Items from a dataset:

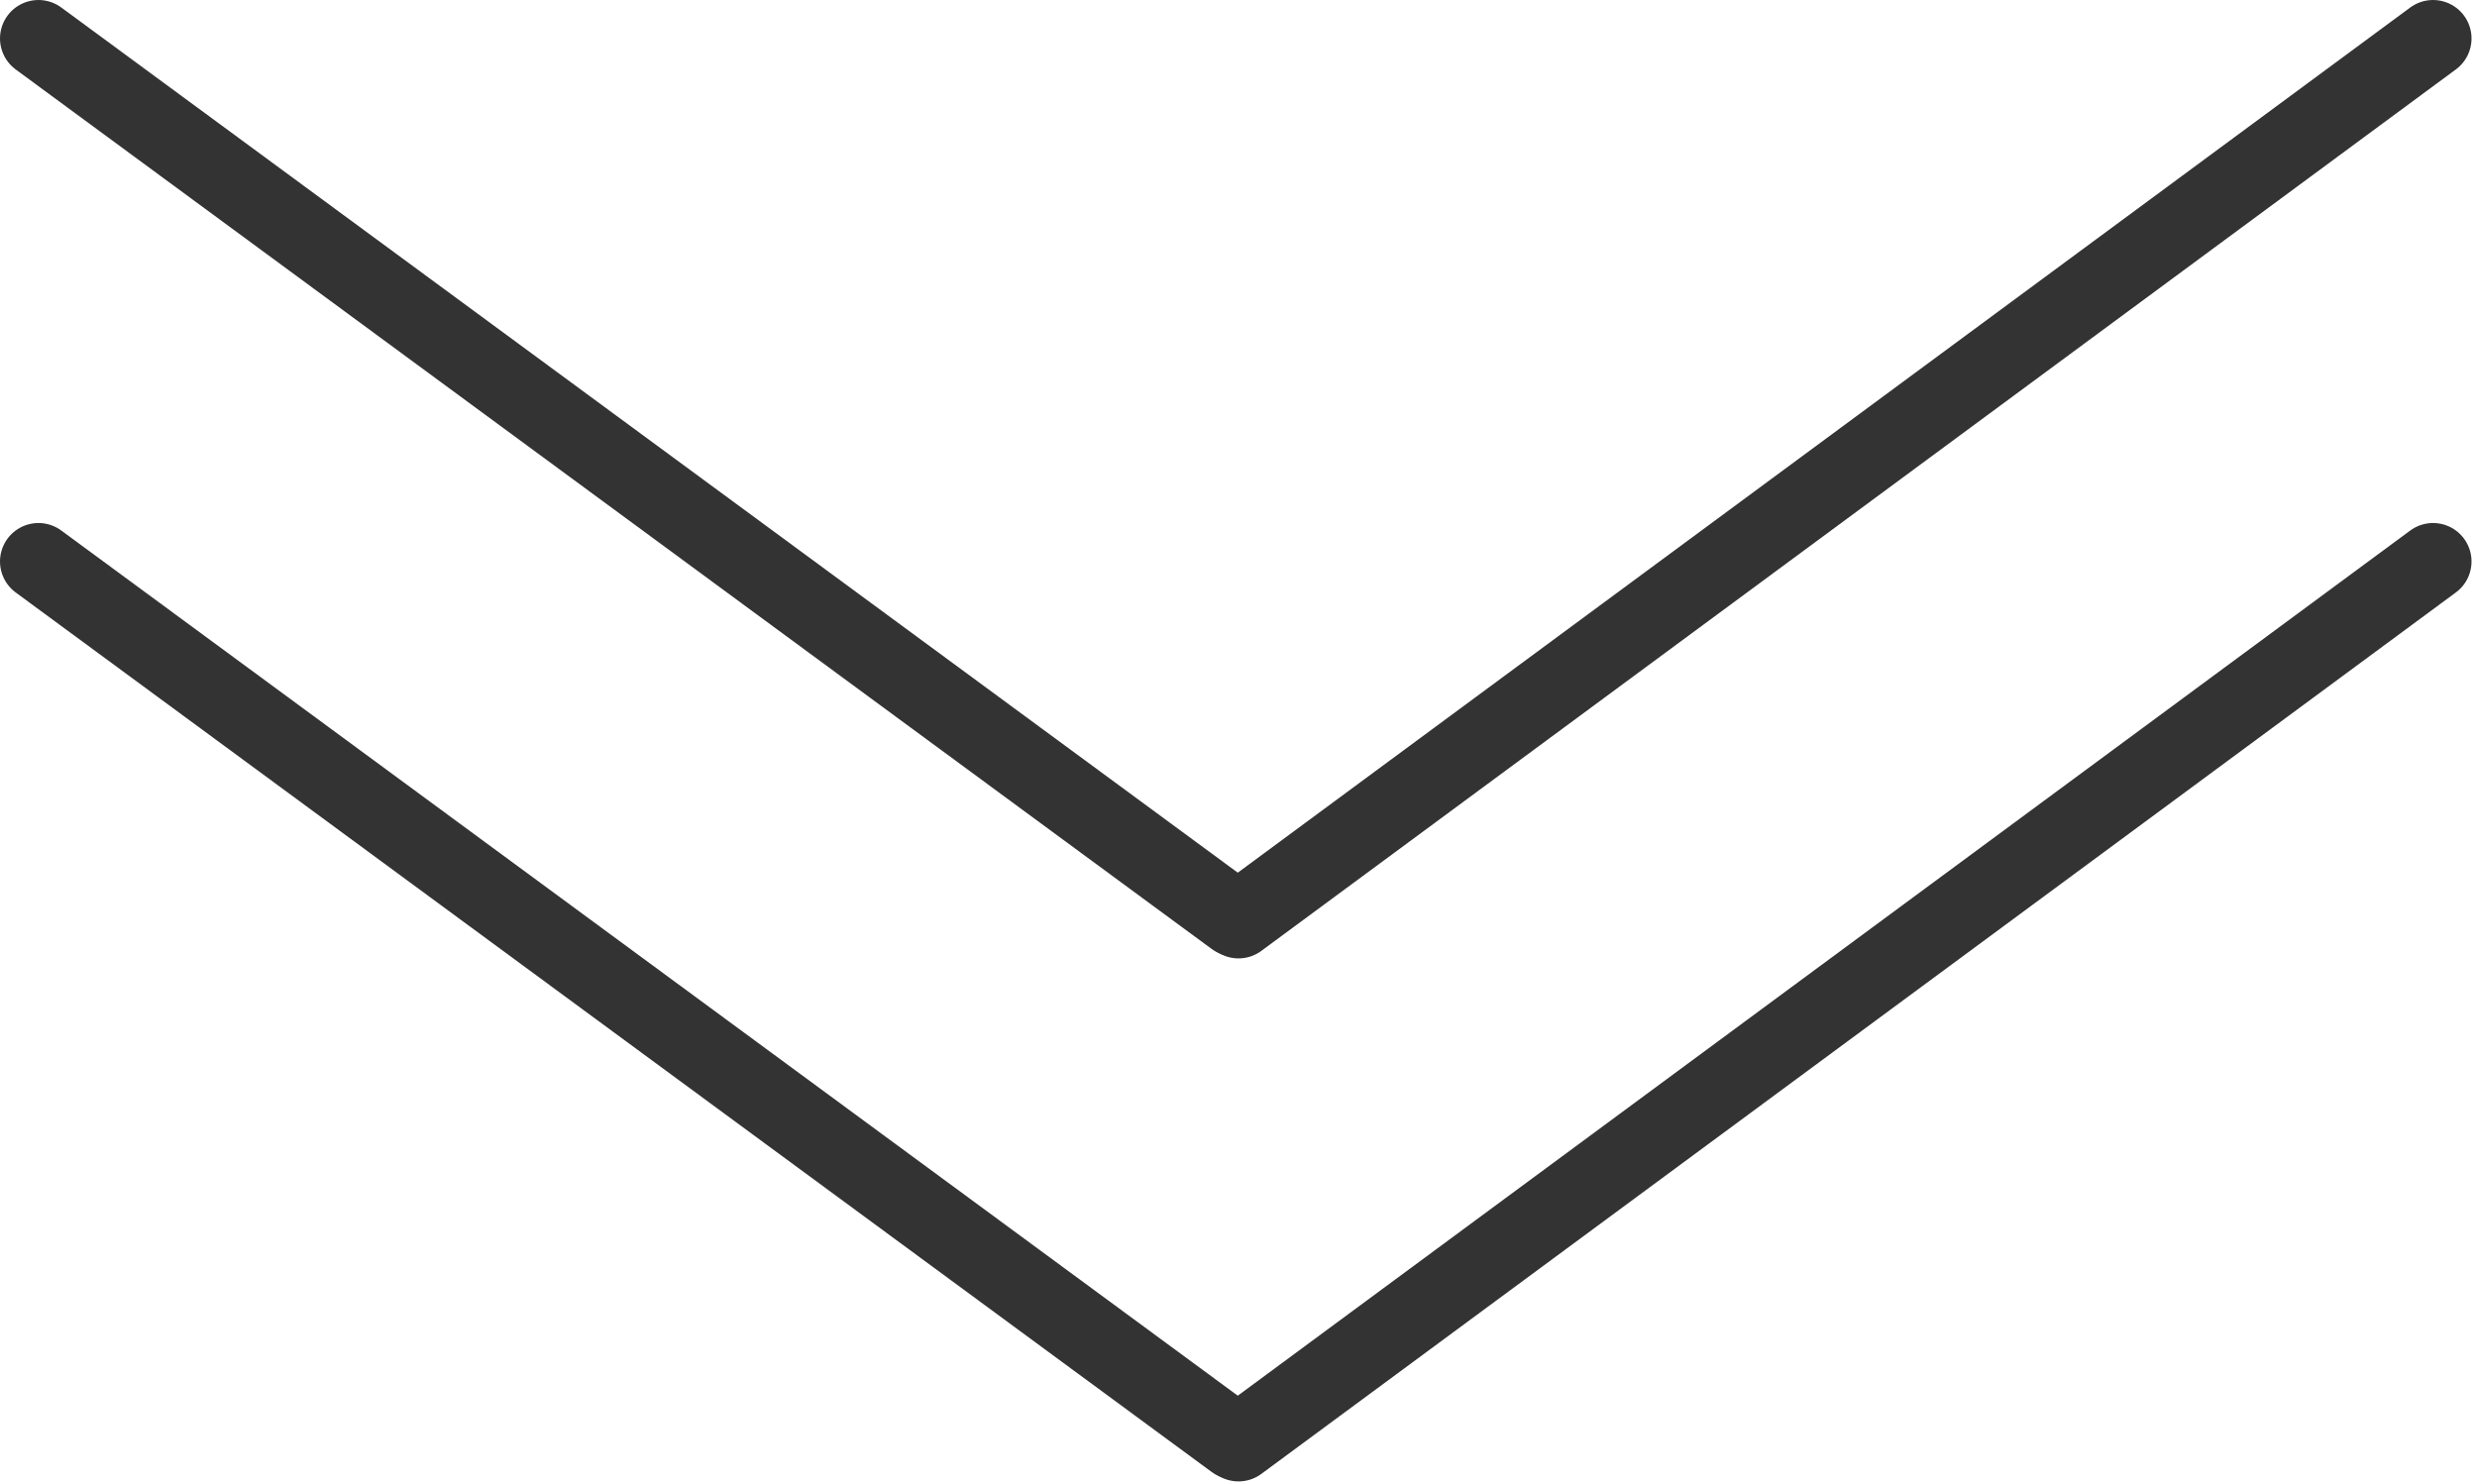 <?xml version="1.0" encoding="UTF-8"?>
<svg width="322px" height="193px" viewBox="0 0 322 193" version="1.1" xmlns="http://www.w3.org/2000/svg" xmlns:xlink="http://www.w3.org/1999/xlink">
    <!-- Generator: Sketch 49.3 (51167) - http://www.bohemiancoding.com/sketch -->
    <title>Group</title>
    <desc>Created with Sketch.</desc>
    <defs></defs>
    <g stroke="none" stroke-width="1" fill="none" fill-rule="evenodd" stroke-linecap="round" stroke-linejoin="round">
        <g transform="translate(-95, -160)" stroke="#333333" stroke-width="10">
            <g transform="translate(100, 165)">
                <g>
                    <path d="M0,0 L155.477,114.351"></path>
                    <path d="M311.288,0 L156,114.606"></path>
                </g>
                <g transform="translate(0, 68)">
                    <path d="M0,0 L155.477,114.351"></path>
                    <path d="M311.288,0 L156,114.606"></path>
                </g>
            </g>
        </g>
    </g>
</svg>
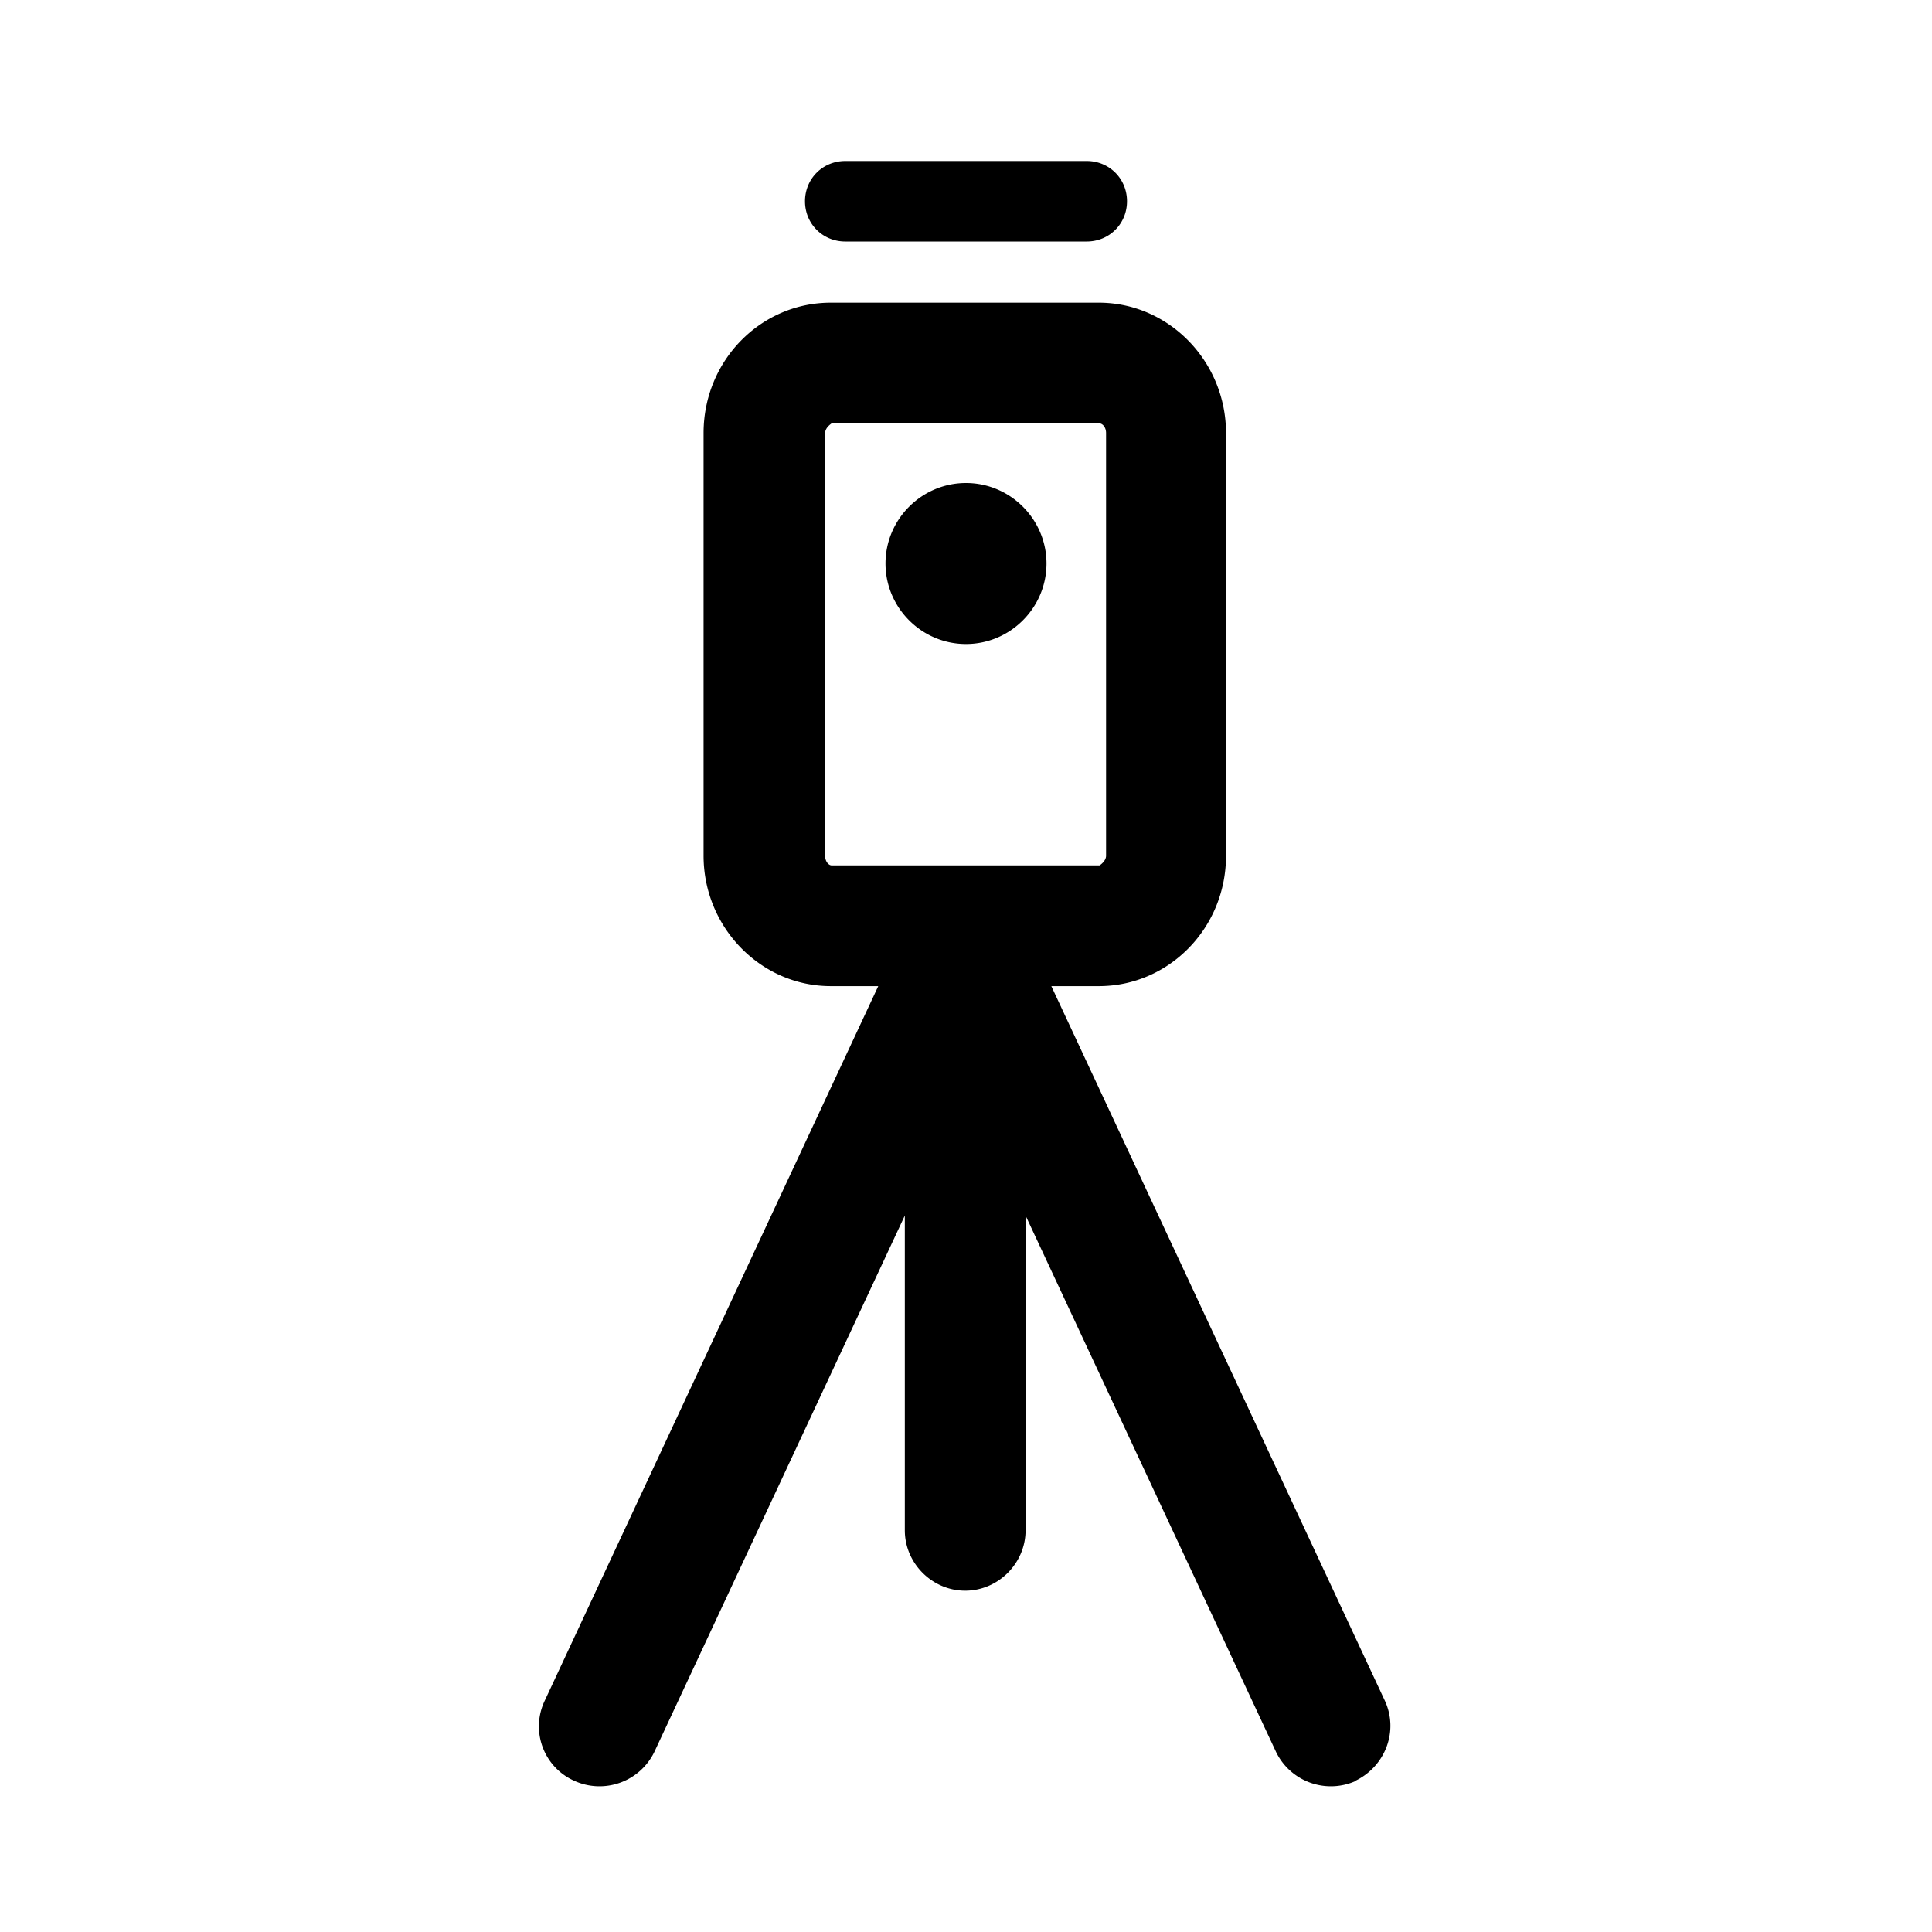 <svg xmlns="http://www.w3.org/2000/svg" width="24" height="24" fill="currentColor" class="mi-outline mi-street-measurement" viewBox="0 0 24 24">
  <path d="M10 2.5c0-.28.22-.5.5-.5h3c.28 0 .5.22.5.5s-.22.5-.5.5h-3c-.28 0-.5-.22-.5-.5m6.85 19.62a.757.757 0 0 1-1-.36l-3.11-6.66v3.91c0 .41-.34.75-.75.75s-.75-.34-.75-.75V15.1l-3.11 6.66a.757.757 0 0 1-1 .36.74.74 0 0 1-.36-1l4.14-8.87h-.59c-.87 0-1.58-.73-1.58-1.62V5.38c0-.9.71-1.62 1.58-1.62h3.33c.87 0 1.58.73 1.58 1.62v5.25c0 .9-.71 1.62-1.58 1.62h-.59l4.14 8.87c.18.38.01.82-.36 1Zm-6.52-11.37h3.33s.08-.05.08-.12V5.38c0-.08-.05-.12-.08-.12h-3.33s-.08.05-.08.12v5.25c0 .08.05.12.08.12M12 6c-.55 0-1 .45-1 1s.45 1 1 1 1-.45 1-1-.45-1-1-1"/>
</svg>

• **Work instruction**
In the copy, leave out all pictures, and retype exactly each line from the one with "<desc>Created with Sketch.</desc>" through the last line of the entries.

• **Reply**
    <desc>Created with Sketch.</desc>
    <defs></defs>
    <g stroke="none" stroke-width="1" fill="none" fill-rule="evenodd" stroke-linecap="round" stroke-linejoin="round">
        <g transform="translate(-95, -160)" stroke="#333333" stroke-width="10">
            <g transform="translate(100, 165)">
                <g>
                    <path d="M0,0 L155.477,114.351"></path>
                    <path d="M311.288,0 L156,114.606"></path>
                </g>
                <g transform="translate(0, 68)">
                    <path d="M0,0 L155.477,114.351"></path>
                    <path d="M311.288,0 L156,114.606"></path>
                </g>
            </g>
        </g>
    </g>
</svg>
 <svg xmlns="http://www.w3.org/2000/svg" width="24" height="24" fill="currentColor" class="mi-outline mi-street-measurement" viewBox="0 0 24 24">
  <path d="M10 2.5c0-.28.22-.5.5-.5h3c.28 0 .5.22.5.5s-.22.5-.5.5h-3c-.28 0-.5-.22-.5-.5m6.85 19.62a.757.757 0 0 1-1-.36l-3.11-6.66v3.91c0 .41-.34.75-.75.75s-.75-.34-.75-.75V15.1l-3.11 6.66a.757.757 0 0 1-1 .36.74.74 0 0 1-.36-1l4.14-8.87h-.59c-.87 0-1.58-.73-1.58-1.62V5.38c0-.9.71-1.62 1.58-1.62h3.33c.87 0 1.58.73 1.58 1.62v5.25c0 .9-.71 1.62-1.58 1.62h-.59l4.14 8.87c.18.38.01.82-.36 1Zm-6.52-11.37h3.33s.08-.05.08-.12V5.38c0-.08-.05-.12-.08-.12h-3.33s-.08.05-.08.12v5.25c0 .08.05.12.08.12M12 6c-.55 0-1 .45-1 1s.45 1 1 1 1-.45 1-1-.45-1-1-1"/>
</svg>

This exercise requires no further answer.